Le général Moussa Diawara un témoin clé ?
Un homme intéresse particulièrement les parties civiles. Il s’agit de Moussa Diawara, chef des services de renseignements maliens à l’époque.
Jusqu’au coup d’État d’août 2020, ce général était intouchable. Mais depuis fin juillet, il est en prison après avoir été arrêté dans le cadre de la disparition du journaliste malien Birama Touré en 2016. Ex-patron des services de renseignements, il a été l’homme le mieux informé du Mali pendant des années. Et c’est à ce titre qu’il intéresse les avocats des proches de nos confrères.
Sur le déroulé des faits, son audition pourrait être précieuse : plusieurs personnalités ont été informées de l’assassinat avant l’heure officielle de découverte des corps, l’ancien chef des renseignements pourrait éclairer ce mystère.
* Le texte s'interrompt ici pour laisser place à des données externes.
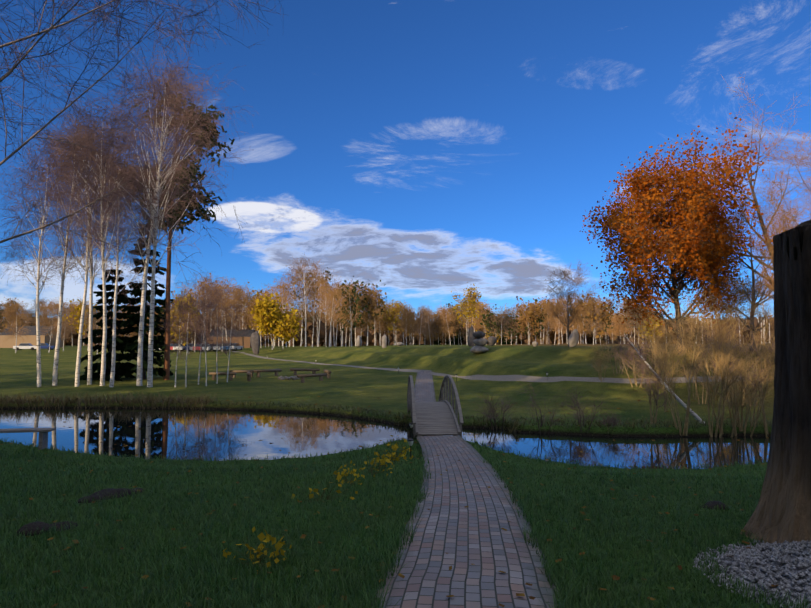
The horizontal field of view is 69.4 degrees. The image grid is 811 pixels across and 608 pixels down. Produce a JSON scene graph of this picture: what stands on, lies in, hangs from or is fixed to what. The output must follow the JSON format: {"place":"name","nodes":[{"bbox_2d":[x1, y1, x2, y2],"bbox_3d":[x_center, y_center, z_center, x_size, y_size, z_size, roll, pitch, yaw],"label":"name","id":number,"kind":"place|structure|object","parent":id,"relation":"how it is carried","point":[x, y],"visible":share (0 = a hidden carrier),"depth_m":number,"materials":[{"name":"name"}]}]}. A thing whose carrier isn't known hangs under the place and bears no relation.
{"place":"outdoors","nodes":[
{"label":"outdoors","id":0,"kind":"place"},
{"bbox_2d":[0,326,63,347],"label":"house","id":1,"kind":"structure","parent":0,"point":[11,343],"depth_m":148.32,"materials":[{"name":"brown paint"}]},
{"bbox_2d":[212,350,429,371],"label":"path gravel","id":2,"kind":"structure","parent":0,"point":[404,370],"depth_m":56.66,"materials":[{"name":"grey gravel"}]},
{"bbox_2d":[0,408,770,468],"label":"pond water","id":3,"kind":"structure","parent":0,"point":[215,433],"depth_m":18.53,"materials":[{"name":"blue liquid"}]},
{"bbox_2d":[0,343,792,607],"bbox_3d":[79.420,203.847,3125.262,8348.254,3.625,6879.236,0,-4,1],"label":"terrain","id":4,"kind":"structure","parent":0,"point":[364,388],"depth_m":23.01,"materials":[{"name":"green plant"}]},
{"bbox_2d":[0,297,32,352],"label":"birch","id":5,"kind":"object","parent":4,"relation":"on","point":[10,312],"visible":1,"depth_m":101.23,"materials":[{"name":"brown plant"}]},
{"bbox_2d":[17,521,52,536],"bbox_3d":[-3.483,2.156,5.505,0.306,0.184,0.282,4,-5,-45],"label":"molehill","id":6,"kind":"object","parent":4,"relation":"on","point":[33,527],"visible":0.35,"depth_m":5.44,"materials":[{"name":"soil"}]},
{"bbox_2d":[0,132,99,386],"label":"birch","id":7,"kind":"object","parent":4,"relation":"on","point":[39,273],"visible":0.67,"depth_m":35.40,"materials":[{"name":"brown plant"}]},
{"bbox_2d":[33,297,73,351],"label":"birch","id":8,"kind":"object","parent":4,"relation":"on","point":[49,316],"visible":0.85,"depth_m":104.63,"materials":[{"name":"brown plant"}]},
{"bbox_2d":[53,309,76,350],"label":"birch","id":9,"kind":"object","parent":4,"relation":"on","point":[66,336],"visible":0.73,"depth_m":114.74,"materials":[{"name":"brown plant"}]},
{"bbox_2d":[7,87,141,385],"bbox_3d":[-20.937,-3.900,37.116,7.546,18.239,9.801,2,-4,-27],"label":"birch","id":10,"kind":"object","parent":4,"relation":"on","point":[55,365],"visible":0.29,"depth_m":36.19,"materials":[{"name":"brown plant"}]},
{"bbox_2d":[62,298,107,336],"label":"tree","id":11,"kind":"object","parent":4,"relation":"on","point":[78,309],"visible":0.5,"depth_m":111.35,"materials":[{"name":"yellow plant"}]},
{"bbox_2d":[8,87,167,385],"bbox_3d":[-18.218,-4.018,34.637,8.536,18.122,8.248,0,-4,1],"label":"birch","id":12,"kind":"object","parent":4,"relation":"on","point":[103,356],"visible":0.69,"depth_m":34.58,"materials":[{"name":"brown plant"}]},
{"bbox_2d":[21,105,156,384],"bbox_3d":[-19.889,-3.851,37.309,8.767,18.115,7.765,1,-4,-16],"label":"birch","id":13,"kind":"object","parent":4,"relation":"on","point":[92,276],"visible":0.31,"depth_m":36.71,"materials":[{"name":"brown plant"}]},
{"bbox_2d":[21,125,175,386],"bbox_3d":[-19.070,-3.001,36.650,8.980,16.405,7.726,1,-4,-20],"label":"birch","id":14,"kind":"object","parent":4,"relation":"on","point":[77,373],"visible":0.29,"depth_m":35.85,"materials":[{"name":"brown plant"}]},
{"bbox_2d":[74,269,137,381],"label":"spruce","id":15,"kind":"object","parent":4,"relation":"on","point":[118,365],"visible":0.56,"depth_m":39.89,"materials":[{"name":"green plant"}]},
{"bbox_2d":[0,390,217,409],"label":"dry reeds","id":16,"kind":"object","parent":4,"relation":"on","point":[128,399],"depth_m":27.20,"materials":[{"name":"plant"}]},
{"bbox_2d":[90,488,131,499],"bbox_3d":[-3.739,2.431,7.365,0.447,0.178,0.498,-1,-4,8],"label":"molehill","id":17,"kind":"object","parent":4,"relation":"on","point":[107,491],"visible":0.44,"depth_m":7.34,"materials":[{"name":"soil"}]},
{"bbox_2d":[47,138,185,386],"bbox_3d":[-17.209,-2.729,35.770,7.151,15.699,6.904,-1,-4,19],"label":"birch","id":18,"kind":"object","parent":4,"relation":"on","point":[112,375],"visible":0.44,"depth_m":35.44,"materials":[{"name":"brown plant"}]},
{"bbox_2d":[107,224,173,379],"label":"spruce","id":19,"kind":"object","parent":4,"relation":"on","point":[133,319],"visible":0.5,"depth_m":39.91,"materials":[{"name":"green plant"}]},
{"bbox_2d":[0,0,283,302],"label":"birch","id":20,"kind":"object","parent":4,"relation":"on","point":[24,55],"visible":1,"depth_m":16.23,"materials":[{"name":"brown plant"}]},
{"bbox_2d":[51,35,242,386],"bbox_3d":[-14.852,-5.422,34.145,9.566,20.899,9.552,-3,-5,35],"label":"birch","id":21,"kind":"object","parent":4,"relation":"on","point":[150,341],"visible":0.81,"depth_m":34.67,"materials":[{"name":"brown plant"}]},
{"bbox_2d":[68,24,256,385],"bbox_3d":[-14.690,-5.825,37.151,10.262,22.051,11.595,1,-4,-17],"label":"birch","id":22,"kind":"object","parent":4,"relation":"on","point":[140,349],"visible":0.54,"depth_m":35.93,"materials":[{"name":"brown plant"}]},
{"bbox_2d":[110,93,234,379],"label":"pine","id":23,"kind":"object","parent":4,"relation":"on","point":[167,304],"visible":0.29,"depth_m":40.26,"materials":[{"name":"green plant"}]},
{"bbox_2d":[161,291,200,351],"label":"birch","id":24,"kind":"object","parent":4,"relation":"on","point":[176,334],"visible":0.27,"depth_m":97.62,"materials":[{"name":"brown plant"}]},
{"bbox_2d":[157,296,211,386],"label":"young birch","id":25,"kind":"object","parent":4,"relation":"on","point":[172,325],"visible":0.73,"depth_m":34.91,"materials":[{"name":"brown plant"}]},
{"bbox_2d":[160,280,213,386],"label":"young birch","id":26,"kind":"object","parent":4,"relation":"on","point":[179,305],"visible":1,"depth_m":34.70,"materials":[{"name":"brown plant"}]},
{"bbox_2d":[172,288,231,385],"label":"young birch","id":27,"kind":"object","parent":4,"relation":"on","point":[204,336],"visible":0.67,"depth_m":35.94,"materials":[{"name":"brown plant"}]},
{"bbox_2d":[174,266,234,384],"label":"young birch","id":28,"kind":"object","parent":4,"relation":"on","point":[202,326],"visible":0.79,"depth_m":36.18,"materials":[{"name":"brown plant"}]},
{"bbox_2d":[189,280,237,383],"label":"young birch","id":29,"kind":"object","parent":4,"relation":"on","point":[217,320],"visible":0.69,"depth_m":37.39,"materials":[{"name":"brown plant"}]},
{"bbox_2d":[207,292,241,351],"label":"birch","id":30,"kind":"object","parent":4,"relation":"on","point":[226,299],"visible":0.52,"depth_m":109.44,"materials":[{"name":"brown plant"}]},
{"bbox_2d":[208,276,242,339],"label":"birch","id":31,"kind":"object","parent":4,"relation":"on","point":[226,285],"visible":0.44,"depth_m":124.17,"materials":[{"name":"brown plant"}]},
{"bbox_2d":[209,329,254,347],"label":"building","id":32,"kind":"structure","parent":4,"relation":"on","point":[244,341],"depth_m":126.31,"materials":[{"name":"brown"}]},
{"bbox_2d":[211,294,255,381],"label":"young birch","id":33,"kind":"object","parent":4,"relation":"on","point":[235,328],"visible":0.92,"depth_m":38.62,"materials":[{"name":"brown plant"}]},
{"bbox_2d":[231,286,257,330],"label":"birch","id":34,"kind":"object","parent":4,"relation":"on","point":[247,304],"visible":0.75,"depth_m":128.24,"materials":[{"name":"brown plant"}]},
{"bbox_2d":[250,331,259,354],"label":"standing stone","id":35,"kind":"object","parent":4,"relation":"on","point":[255,341],"visible":1,"depth_m":90.10,"materials":[{"name":"stone"}]},
{"bbox_2d":[237,287,273,339],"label":"birch","id":36,"kind":"object","parent":4,"relation":"on","point":[253,298],"visible":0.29,"depth_m":125.33,"materials":[{"name":"brown plant"}]},
{"bbox_2d":[222,526,291,573],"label":"yellow sapling","id":37,"kind":"object","parent":4,"relation":"on","point":[268,537],"visible":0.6,"depth_m":4.49,"materials":[{"name":"yellow plant"}]},
{"bbox_2d":[248,293,285,349],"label":"tree","id":38,"kind":"object","parent":4,"relation":"on","point":[264,313],"visible":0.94,"depth_m":99.16,"materials":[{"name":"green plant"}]},
{"bbox_2d":[265,276,298,346],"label":"birch","id":39,"kind":"object","parent":4,"relation":"on","point":[286,293],"visible":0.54,"depth_m":146.63,"materials":[{"name":"brown plant"}]},
{"bbox_2d":[268,303,303,342],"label":"tree","id":40,"kind":"object","parent":4,"relation":"on","point":[291,327],"visible":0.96,"depth_m":99.82,"materials":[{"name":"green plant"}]},
{"bbox_2d":[288,265,321,346],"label":"birch","id":41,"kind":"object","parent":4,"relation":"on","point":[302,296],"visible":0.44,"depth_m":155.81,"materials":[{"name":"brown plant"}]},
{"bbox_2d":[208,399,411,425],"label":"bank grass","id":42,"kind":"structure","parent":4,"relation":"on","point":[324,406],"depth_m":25.15,"materials":[{"name":"green plant"}]},
{"bbox_2d":[288,252,331,346],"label":"birch","id":43,"kind":"object","parent":4,"relation":"on","point":[304,264],"visible":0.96,"depth_m":148.83,"materials":[{"name":"brown plant"}]},
{"bbox_2d":[293,267,333,346],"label":"birch","id":44,"kind":"object","parent":4,"relation":"on","point":[303,314],"visible":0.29,"depth_m":153.90,"materials":[{"name":"brown plant"}]},
{"bbox_2d":[298,274,328,346],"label":"birch","id":45,"kind":"object","parent":4,"relation":"on","point":[313,308],"visible":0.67,"depth_m":151.41,"materials":[{"name":"brown plant"}]},
{"bbox_2d":[304,260,337,346],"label":"birch","id":46,"kind":"object","parent":4,"relation":"on","point":[316,271],"visible":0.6,"depth_m":151.55,"materials":[{"name":"brown plant"}]},
{"bbox_2d":[306,277,340,346],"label":"birch","id":47,"kind":"object","parent":4,"relation":"on","point":[322,285],"visible":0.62,"depth_m":131.88,"materials":[{"name":"brown plant"}]},
{"bbox_2d":[292,473,357,502],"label":"flowers","id":48,"kind":"object","parent":4,"relation":"on","point":[339,476],"visible":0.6,"depth_m":7.06,"materials":[{"name":"yellow plant"}]},
{"bbox_2d":[318,282,349,346],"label":"birch","id":49,"kind":"object","parent":4,"relation":"on","point":[335,301],"visible":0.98,"depth_m":111.28,"materials":[{"name":"brown plant"}]},
{"bbox_2d":[333,278,369,345],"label":"birch","id":50,"kind":"object","parent":4,"relation":"on","point":[350,299],"visible":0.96,"depth_m":113.75,"materials":[{"name":"brown plant"}]},
{"bbox_2d":[334,279,374,345],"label":"birch","id":51,"kind":"object","parent":4,"relation":"on","point":[358,293],"visible":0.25,"depth_m":120.73,"materials":[{"name":"brown plant"}]},
{"bbox_2d":[333,454,391,477],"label":"flowers","id":52,"kind":"object","parent":4,"relation":"on","point":[381,461],"visible":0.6,"depth_m":9.37,"materials":[{"name":"yellow plant"}]},
{"bbox_2d":[349,284,381,332],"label":"tree","id":53,"kind":"object","parent":4,"relation":"on","point":[370,309],"visible":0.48,"depth_m":117.99,"materials":[{"name":"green plant"}]},
{"bbox_2d":[352,284,386,345],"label":"birch","id":54,"kind":"object","parent":4,"relation":"on","point":[375,294],"visible":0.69,"depth_m":118.11,"materials":[{"name":"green plant"}]},
{"bbox_2d":[0,300,774,345],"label":"forest","id":55,"kind":"object","parent":4,"relation":"on","point":[548,339],"visible":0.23,"depth_m":213.26,"materials":[{"name":"plant"}]},
{"bbox_2d":[0,386,777,607],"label":"fallen leaves","id":56,"kind":"object","parent":4,"relation":"on","point":[450,568],"visible":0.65,"depth_m":5.53,"materials":[{"name":"brown plant"}]},
{"bbox_2d":[379,300,403,333],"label":"birch","id":57,"kind":"object","parent":4,"relation":"on","point":[392,313],"visible":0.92,"depth_m":167.84,"materials":[{"name":"yellow plant"}]},
{"bbox_2d":[0,435,810,607],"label":"lawn grass blades","id":58,"kind":"object","parent":4,"relation":"on","point":[350,574],"depth_m":5.32,"materials":[{"name":"green plant"}]},
{"bbox_2d":[0,427,55,449],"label":"bench","id":59,"kind":"object","parent":58,"relation":"on","point":[43,439],"depth_m":13.22,"materials":[{"name":"grey wood"}]},
{"bbox_2d":[396,302,422,345],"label":"birch","id":60,"kind":"object","parent":4,"relation":"on","point":[404,312],"visible":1,"depth_m":127.54,"materials":[{"name":"brown plant"}]},
{"bbox_2d":[409,302,434,344],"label":"birch","id":61,"kind":"object","parent":4,"relation":"on","point":[424,313],"visible":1,"depth_m":128.16,"materials":[{"name":"brown plant"}]},
{"bbox_2d":[414,370,435,401],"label":"brick path","id":62,"kind":"structure","parent":4,"relation":"on","point":[424,391],"depth_m":33.83,"materials":[{"name":"grey brick"}]},
{"bbox_2d":[420,307,438,343],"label":"birch","id":63,"kind":"object","parent":4,"relation":"on","point":[434,324],"visible":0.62,"depth_m":133.72,"materials":[{"name":"brown plant"}]},
{"bbox_2d":[407,375,463,437],"bbox_3d":[0.833,3.410,20.255,1.400,1.874,8.284,0,-4,-1],"label":"wooden footbridge","id":64,"kind":"object","parent":4,"relation":"on","point":[440,417],"visible":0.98,"depth_m":17.54,"materials":[{"name":"grey wood"}]},
{"bbox_2d":[435,301,456,344],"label":"birch","id":65,"kind":"object","parent":4,"relation":"on","point":[443,312],"visible":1,"depth_m":132.04,"materials":[{"name":"brown plant"}]},
{"bbox_2d":[451,282,482,326],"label":"tree","id":66,"kind":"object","parent":4,"relation":"on","point":[472,303],"depth_m":95.37,"materials":[{"name":"yellow plant"}]},
{"bbox_2d":[371,435,564,607],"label":"brick path","id":67,"kind":"structure","parent":4,"relation":"on","point":[458,531],"depth_m":4.95,"materials":[{"name":"grey brick"}]},
{"bbox_2d":[480,304,510,344],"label":"tree","id":68,"kind":"object","parent":4,"relation":"on","point":[491,323],"visible":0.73,"depth_m":107.22,"materials":[{"name":"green plant"}]},
{"bbox_2d":[472,387,518,428],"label":"bank shrub","id":69,"kind":"object","parent":4,"relation":"on","point":[493,411],"visible":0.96,"depth_m":20.58,"materials":[{"name":"brown plant"}]},
{"bbox_2d":[490,306,517,344],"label":"birch","id":70,"kind":"object","parent":4,"relation":"on","point":[505,320],"visible":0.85,"depth_m":105.89,"materials":[{"name":"brown plant"}]},
{"bbox_2d":[497,311,523,344],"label":"birch","id":71,"kind":"object","parent":4,"relation":"on","point":[514,329],"visible":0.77,"depth_m":122.26,"materials":[{"name":"brown plant"}]},
{"bbox_2d":[512,296,543,344],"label":"birch","id":72,"kind":"object","parent":4,"relation":"on","point":[528,313],"visible":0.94,"depth_m":120.44,"materials":[{"name":"plant"}]},
{"bbox_2d":[517,299,550,344],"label":"birch","id":73,"kind":"object","parent":4,"relation":"on","point":[538,321],"visible":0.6,"depth_m":121.65,"materials":[{"name":"brown plant"}]},
{"bbox_2d":[515,381,571,433],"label":"bank shrub","id":74,"kind":"object","parent":4,"relation":"on","point":[542,422],"visible":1,"depth_m":19.59,"materials":[{"name":"brown plant"}]},
{"bbox_2d":[544,300,570,335],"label":"birch","id":75,"kind":"object","parent":4,"relation":"on","point":[557,325],"visible":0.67,"depth_m":110.97,"materials":[{"name":"brown plant"}]},
{"bbox_2d":[539,259,609,346],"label":"bare tree","id":76,"kind":"object","parent":4,"relation":"on","point":[575,312],"visible":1,"depth_m":43.95,"materials":[{"name":"brown plant"}]},
{"bbox_2d":[385,413,772,440],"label":"bank grass","id":77,"kind":"structure","parent":4,"relation":"on","point":[515,421],"depth_m":20.14,"materials":[{"name":"green plant"}]},
{"bbox_2d":[686,303,774,436],"bbox_3d":[11.078,2.053,19.282,3.246,4.594,2.957,0,-4,1],"label":"shrub","id":78,"kind":"object","parent":77,"relation":"on","point":[747,410],"visible":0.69,"depth_m":19.11,"materials":[{"name":"beige plant"}]},
{"bbox_2d":[559,381,613,431],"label":"bank shrub","id":79,"kind":"object","parent":4,"relation":"on","point":[581,412],"visible":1,"depth_m":19.27,"materials":[{"name":"brown plant"}]},
{"bbox_2d":[578,294,613,344],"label":"birch","id":80,"kind":"object","parent":4,"relation":"on","point":[600,316],"visible":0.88,"depth_m":94.58,"materials":[{"name":"brown plant"}]},
{"bbox_2d":[587,340,616,381],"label":"shrub","id":81,"kind":"object","parent":4,"relation":"on","point":[599,368],"visible":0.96,"depth_m":30.77,"materials":[{"name":"beige plant"}]},
{"bbox_2d":[592,329,641,374],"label":"shrub","id":82,"kind":"object","parent":4,"relation":"on","point":[611,339],"visible":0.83,"depth_m":31.60,"materials":[{"name":"beige plant"}]},
{"bbox_2d":[609,306,632,343],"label":"birch","id":83,"kind":"object","parent":4,"relation":"on","point":[618,328],"visible":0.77,"depth_m":116.80,"materials":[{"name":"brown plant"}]},
{"bbox_2d":[619,303,648,344],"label":"birch","id":84,"kind":"object","parent":4,"relation":"on","point":[633,323],"visible":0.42,"depth_m":97.87,"materials":[{"name":"brown plant"}]},
{"bbox_2d":[609,335,662,386],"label":"shrub","id":85,"kind":"object","parent":4,"relation":"on","point":[626,351],"visible":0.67,"depth_m":29.71,"materials":[{"name":"beige plant"}]},
{"bbox_2d":[635,309,662,342],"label":"birch","id":86,"kind":"object","parent":4,"relation":"on","point":[654,324],"visible":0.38,"depth_m":113.72,"materials":[{"name":"brown plant"}]},
{"bbox_2d":[597,330,704,423],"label":"leaning birch","id":87,"kind":"object","parent":4,"relation":"on","point":[691,412],"visible":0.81,"depth_m":20.81,"materials":[{"name":"brown plant"}]},
{"bbox_2d":[628,348,678,423],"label":"shrub","id":88,"kind":"object","parent":4,"relation":"on","point":[656,390],"visible":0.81,"depth_m":20.41,"materials":[{"name":"beige plant"}]},
{"bbox_2d":[638,317,678,379],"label":"shrub","id":89,"kind":"object","parent":4,"relation":"on","point":[664,347],"visible":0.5,"depth_m":29.82,"materials":[{"name":"beige plant"}]},
{"bbox_2d":[580,113,773,353],"bbox_3d":[15.891,-3.717,34.998,10.115,13.579,13.480,0,-4,1],"label":"orange oak tree","id":90,"kind":"object","parent":4,"relation":"on","point":[683,237],"visible":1,"depth_m":33.04,"materials":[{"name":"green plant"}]},
{"bbox_2d":[628,290,730,411],"bbox_3d":[10.662,1.785,22.991,4.065,5.148,2.853,1,-4,-14],"label":"shrub","id":91,"kind":"object","parent":4,"relation":"on","point":[665,410],"visible":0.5,"depth_m":23.28,"materials":[{"name":"beige plant"}]},
{"bbox_2d":[614,290,755,435],"bbox_3d":[9.064,1.886,18.921,3.970,4.721,3.750,-2,-4,29],"label":"shrub","id":92,"kind":"object","parent":4,"relation":"on","point":[685,429],"visible":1,"depth_m":18.97,"materials":[{"name":"beige plant"}]},
{"bbox_2d":[679,331,723,403],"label":"shrub","id":93,"kind":"object","parent":4,"relation":"on","point":[702,366],"visible":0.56,"depth_m":25.45,"materials":[{"name":"beige plant"}]},
{"bbox_2d":[668,352,760,436],"bbox_3d":[10.042,2.778,19.126,2.977,3.065,2.215,-3,-5,41],"label":"shrub","id":94,"kind":"object","parent":4,"relation":"on","point":[734,393],"visible":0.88,"depth_m":18.94,"materials":[{"name":"beige plant"}]},
{"bbox_2d":[661,302,774,405],"bbox_3d":[13.939,2.154,24.980,4.728,4.528,4.090,0,-4,1],"label":"shrub","id":95,"kind":"object","parent":4,"relation":"on","point":[726,347],"visible":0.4,"depth_m":24.80,"materials":[{"name":"beige plant"}]},
{"bbox_2d":[665,271,771,437],"bbox_3d":[10.013,1.587,18.680,3.127,5.592,3.198,0,-4,1],"label":"shrub","id":96,"kind":"object","parent":4,"relation":"on","point":[724,379],"visible":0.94,"depth_m":18.69,"materials":[{"name":"beige plant"}]},
{"bbox_2d":[685,268,767,345],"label":"bare tree","id":97,"kind":"object","parent":4,"relation":"on","point":[738,300],"visible":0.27,"depth_m":35.89,"materials":[{"name":"brown plant"}]},
{"bbox_2d":[704,337,774,431],"bbox_3d":[11.405,2.596,19.488,3.129,3.158,3.248,0,-4,1],"label":"shrub","id":98,"kind":"object","parent":4,"relation":"on","point":[739,424],"visible":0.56,"depth_m":19.04,"materials":[{"name":"beige plant"}]},
{"bbox_2d":[719,278,774,437],"bbox_3d":[12.182,1.642,18.974,3.848,5.626,4.568,0,-4,1],"label":"shrub","id":99,"kind":"object","parent":4,"relation":"on","point":[762,390],"visible":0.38,"depth_m":19.21,"materials":[{"name":"beige plant"}]},
{"bbox_2d":[689,182,807,349],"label":"bare tree","id":100,"kind":"object","parent":4,"relation":"on","point":[765,285],"visible":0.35,"depth_m":33.48,"materials":[{"name":"brown plant"}]},
{"bbox_2d":[691,74,810,306],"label":"bare tree","id":101,"kind":"object","parent":4,"relation":"on","point":[771,195],"visible":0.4,"depth_m":33.85,"materials":[{"name":"brown plant"}]},
{"bbox_2d":[692,540,810,607],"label":"gravel stones","id":102,"kind":"object","parent":4,"relation":"on","point":[780,551],"visible":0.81,"depth_m":4.24,"materials":[{"name":"grey gravel"}]},
{"bbox_2d":[720,547,810,603],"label":"gravel pile","id":103,"kind":"object","parent":4,"relation":"on","point":[788,586],"visible":0.08,"depth_m":4.11,"materials":[{"name":"grey gravel"}]},
{"bbox_2d":[740,220,810,543],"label":"tree trunk","id":104,"kind":"object","parent":4,"relation":"on","point":[782,513],"visible":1,"depth_m":5.09,"materials":[{"name":"brown wood"}]},
{"bbox_2d":[742,132,810,269],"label":"bare tree","id":105,"kind":"object","parent":4,"relation":"on","point":[778,194],"visible":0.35,"depth_m":33.30,"materials":[{"name":"brown plant"}]},
{"bbox_2d":[769,132,810,262],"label":"bare tree","id":106,"kind":"object","parent":4,"relation":"on","point":[803,157],"visible":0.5,"depth_m":34.42,"materials":[{"name":"brown plant"}]},
{"bbox_2d":[0,0,810,319],"label":"sky","id":107,"kind":"structure","parent":0,"point":[424,149],"materials":[{"name":"blue"}]},
{"bbox_2d":[430,372,743,383],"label":"path gravel","id":108,"kind":"structure","parent":0,"point":[533,378],"depth_m":32.51,"materials":[{"name":"grey gravel"}]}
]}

Peut-être en sait-il également plus sur les complicités dont ont pu bénéficier les ravisseurs et aussi sur ceux qui ont trahi nos confrères, puisque trahison il y a eu, selon les déclarations de Jean-Yves Le Drian, ministre français de la Défense à l’époque, aux proches des victimes.
Autre sujet sur lequel l’ex-patron de la DGSE malienne pourrait apporter des détails utiles : les écoutes partagées avant et après le drame par les services français ou américains. Notamment celle relatée par le président français François Hollande, devant un journaliste de RFI, dont il a nié l’existence lors de sa convocation devant le juge en janvier 2019 et qui n’a jamais été versée au dossier malgré la requête de la justice française.
Pour les proches des victimes, l’audition de Moussa Diawara, n’est pas moins importante que celle de son homologue français Bernard Bajolet, entendu par le juge en décembre 2018.